I am sorry to say this if you have just eaten your dinner, but this week I would like to talk to you about my stomach.

I think it’s made of iron. I can eat anything, at any time, and can count on the fingers of two hands the number of times it has ever objected to the food I have given it and tried to give it back.

And yet my father had a history of stomach problems, including ulcers. Mine was obviously a gift from my mother.

An iron stomach is one of the reasons for my cavalier approach when it comes to going to the fridge, rooting around and finding something that is past its sell-by date. I believe in the Loch Ness Monster more than I believe in sell-by dates.

You might think they have something to do with how safe it is to eat the food, but I think they are costing the country millions of pounds every year because people are throwing away perfectly edible food. That’s a sin as long as there are people in the world who are starving.

In our house, hardly anything is ever thrown out. Then again, we do have the advantage of having the king of fridges.

It’s a big American-style one and wasn’t cheap, but it’s so efficient that it has paid for itself many times over. Stuff can last in there for weeks.

When some people get to my age they want to show off their hairy chests and drive around in sports cars. Not me. If you really want to be impressed, girls, pop round one evening and I’ll show you my fridge.

Even if the food is left hanging around in there for so long that even our fridge is struggling to prevent it going bad, there is still one more level of protection to save me from getting food poisoning.

It’s called a nose. Lots of people have forgotten they have one of these on the front of their faces, even though it tells us a thousand times more about whether food is safe to eat (or milk is safe to drink) than any silly sell-by date.

All you have to do is stick your nose somewhere near the food and sniff.
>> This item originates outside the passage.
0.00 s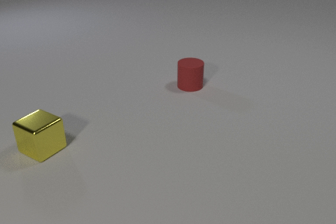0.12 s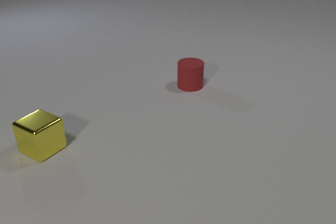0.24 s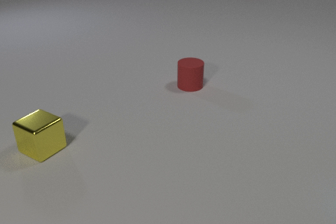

If the smell doesn’t make your head lurch backwards and your eyes aren’t watering, cut off the mould and eat the rest.

Besides, there comes the time, when you reach a certain age, that you have to start living a bit more dangerously. I don’t drive fast, I wear a helmet on my bike, and you don’t see me on boats very often because I have noticed they have a tendency sink. Eating food that might look a bit dodgy is my way of adding adventure to my middle age.

But my wife says I am to tell you not to try this at home. She points out that eating potentially dodgy food could be dangerous if you have a long-term medical condition, are pregnant, very old or very young.

It’s funny that she thinks people are going to take notice of me when she doesn’t, and it’s also funny that she doesn’t think I am an expert on sell-by dates when I obviously am.

I don’t have any medical qualifications and I haven’t been on any food hygiene courses, but as she is fond of telling me herself, I am past my own sell-by date. So I should know.

It’s not the sell-by date that matters, I tell her, but ‘use-by’. So keep on checking me for smells, avoid the mould, and I’ll be as good as the day you picked me.